→ Exercise objective:
Output every record verbatim, and omit each picture.

********

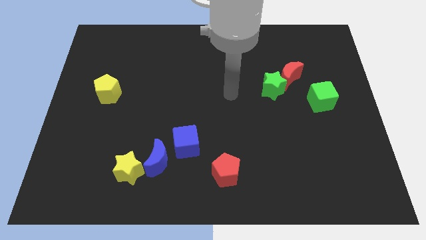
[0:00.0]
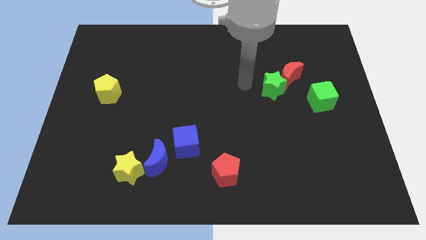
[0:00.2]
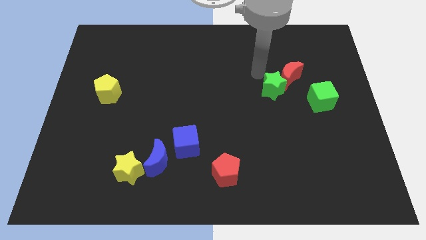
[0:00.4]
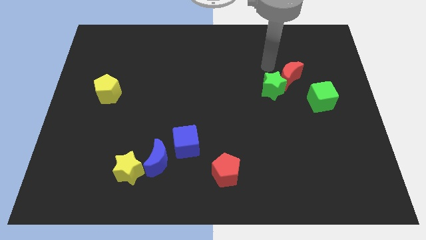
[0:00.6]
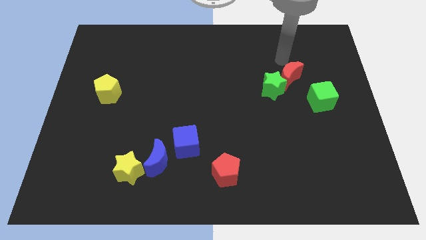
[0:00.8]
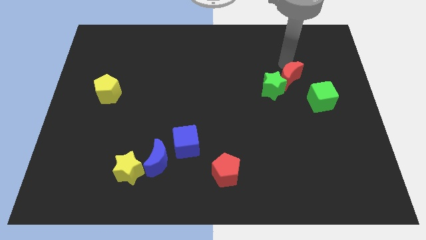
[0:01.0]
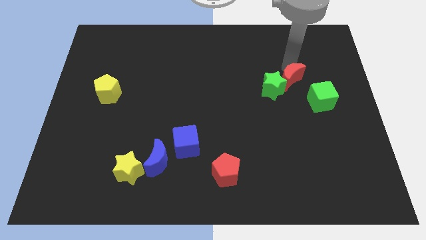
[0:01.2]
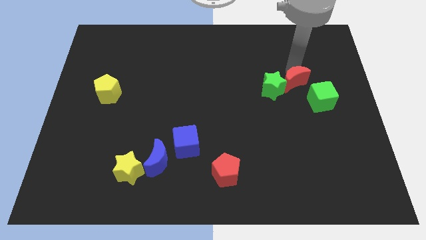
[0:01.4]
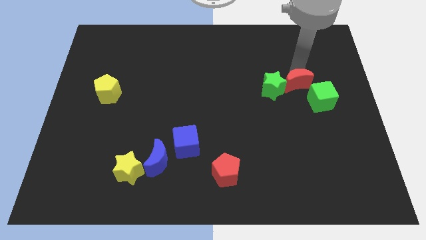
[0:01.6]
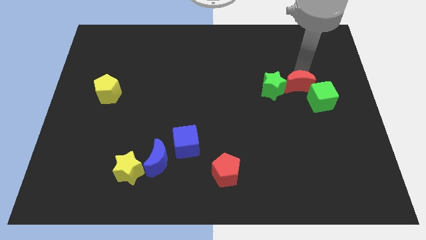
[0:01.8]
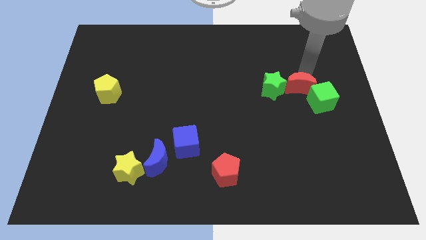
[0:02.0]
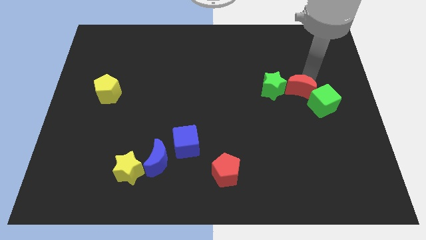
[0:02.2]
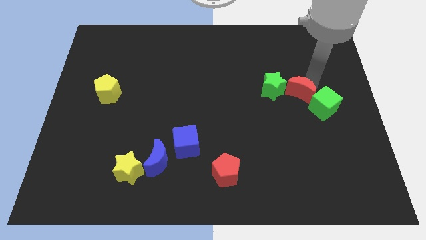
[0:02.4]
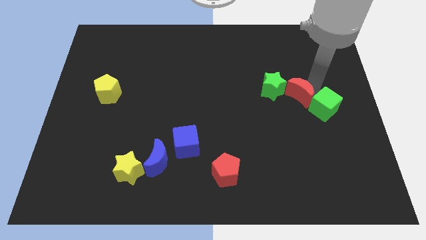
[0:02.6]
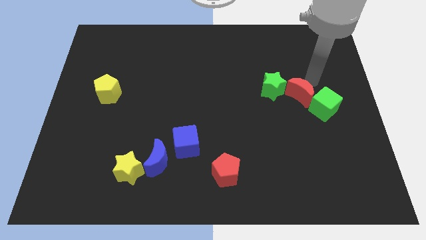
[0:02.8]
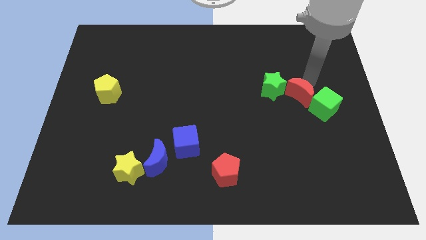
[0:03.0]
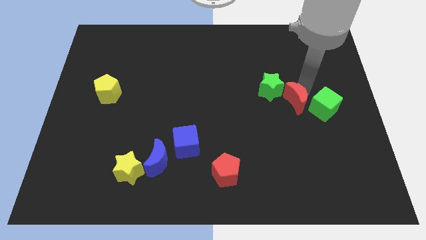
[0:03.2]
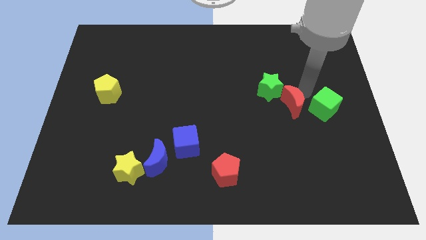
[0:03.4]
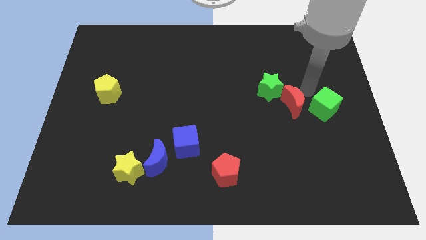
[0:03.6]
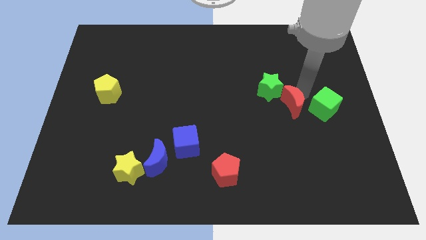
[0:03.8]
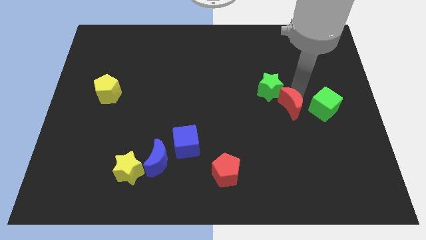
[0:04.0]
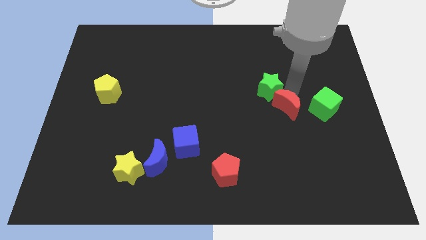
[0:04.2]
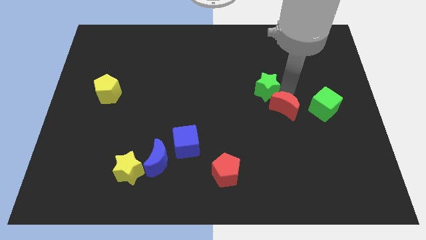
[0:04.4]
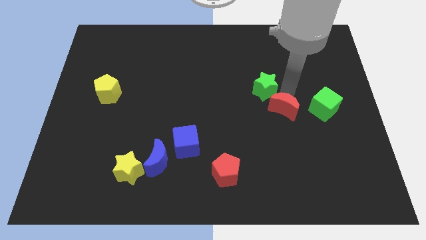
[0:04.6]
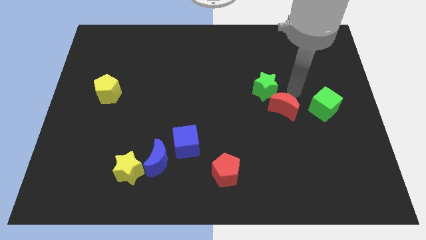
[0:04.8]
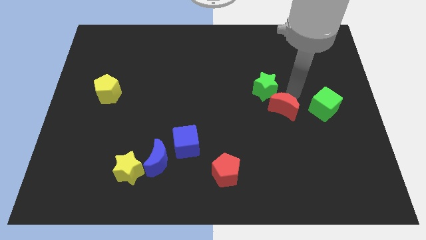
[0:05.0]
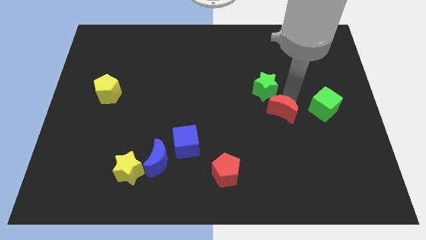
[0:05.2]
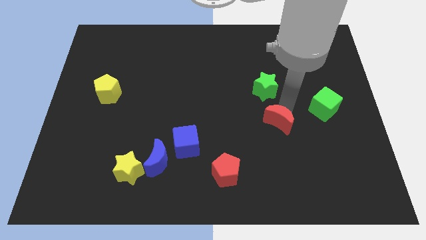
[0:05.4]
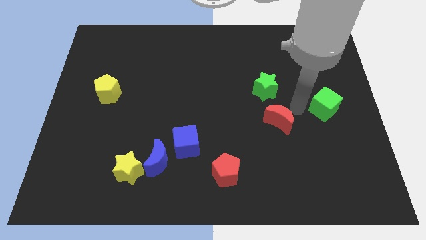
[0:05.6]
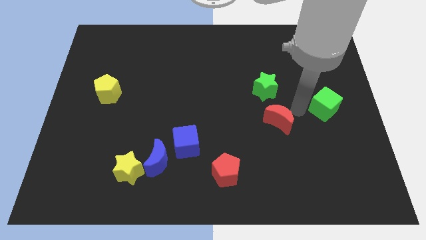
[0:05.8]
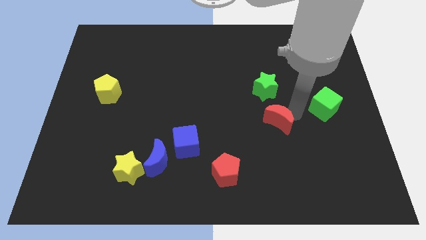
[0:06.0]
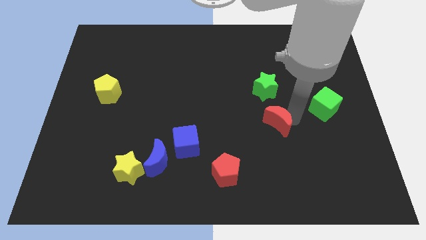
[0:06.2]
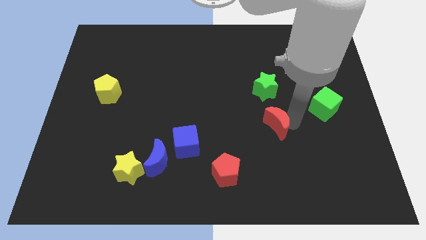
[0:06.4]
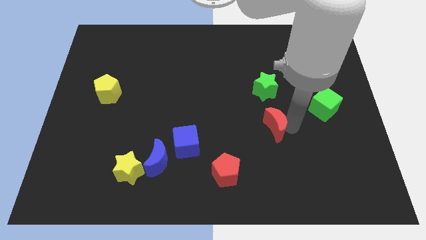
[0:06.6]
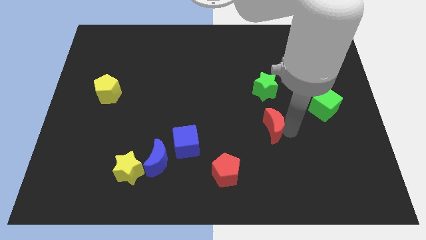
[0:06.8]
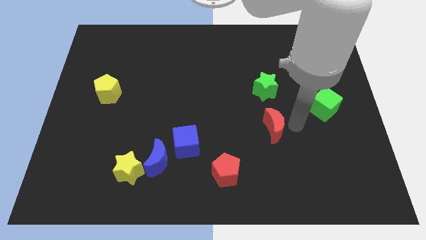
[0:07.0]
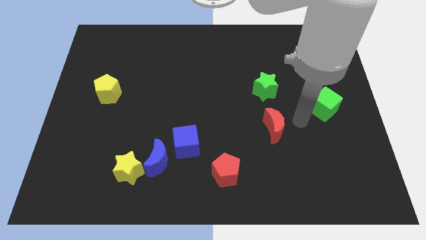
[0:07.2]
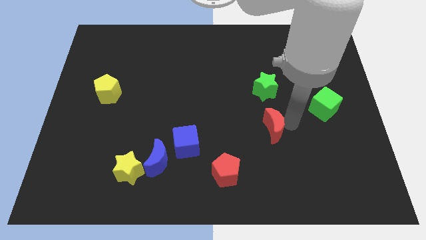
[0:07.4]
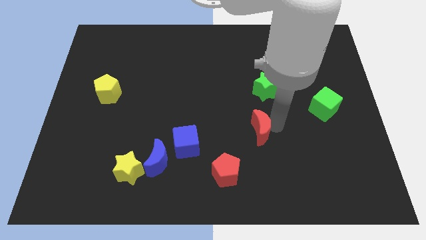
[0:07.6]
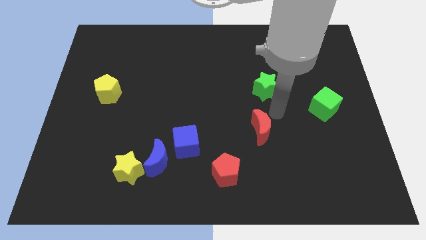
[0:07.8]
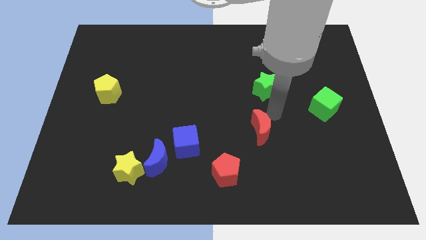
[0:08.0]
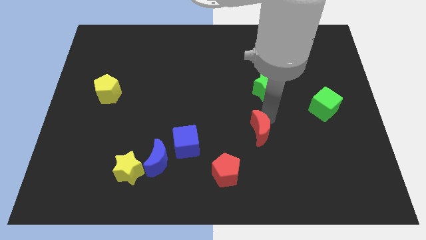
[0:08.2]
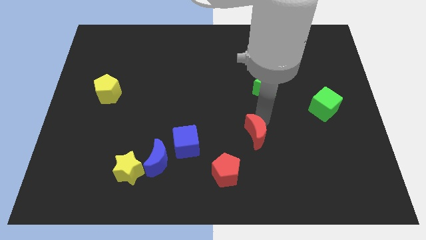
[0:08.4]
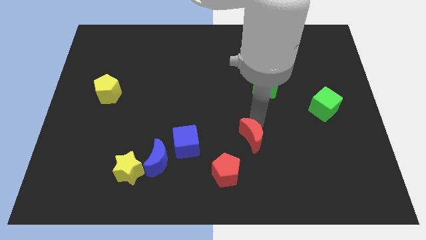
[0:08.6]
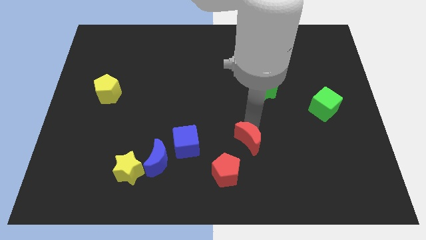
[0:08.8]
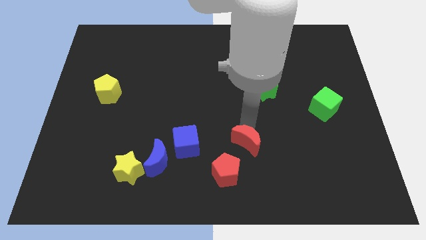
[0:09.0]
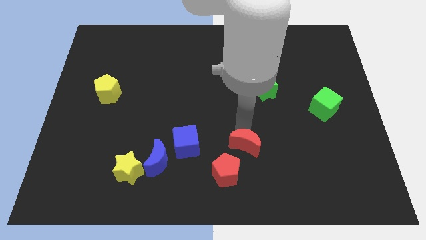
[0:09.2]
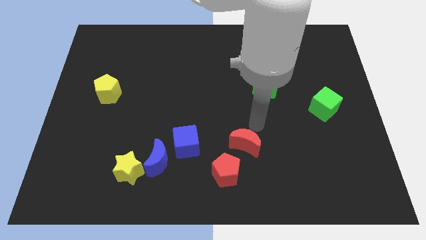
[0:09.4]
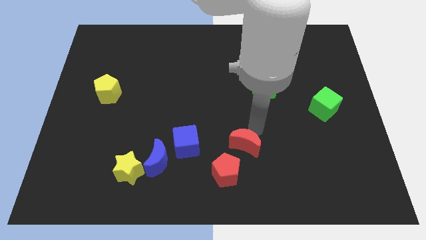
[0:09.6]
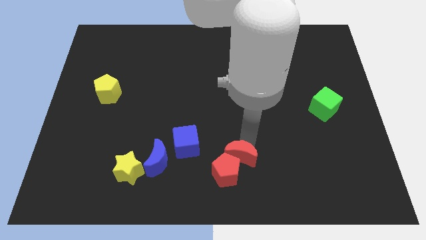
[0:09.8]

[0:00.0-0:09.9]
put the red moon close to the red pentagon

********

→ Answer section:
[0:00.0]
[0:00.2]
[0:00.4]
[0:00.6]
[0:00.8]
[0:01.0]
[0:01.2]
[0:01.4]
[0:01.6]
[0:01.8]
[0:02.0]
[0:02.2]
[0:02.4]
[0:02.6]
[0:02.8]
[0:03.0]
[0:03.2]
[0:03.4]
[0:03.6]
[0:03.8]
[0:04.0]
[0:04.2]
[0:04.4]
[0:04.6]
[0:04.8]
[0:05.0]
[0:05.2]
[0:05.4]
[0:05.6]
[0:05.8]
[0:06.0]
[0:06.2]
[0:06.4]
[0:06.6]
[0:06.8]
[0:07.0]
[0:07.2]
[0:07.4]
[0:07.6]
[0:07.8]
[0:08.0]
[0:08.2]
[0:08.4]
[0:08.6]
[0:08.8]
[0:09.0]
[0:09.2]
[0:09.4]
[0:09.6]
[0:09.8]

[0:00.0-0:09.9]
put the red moon close to the red pentagon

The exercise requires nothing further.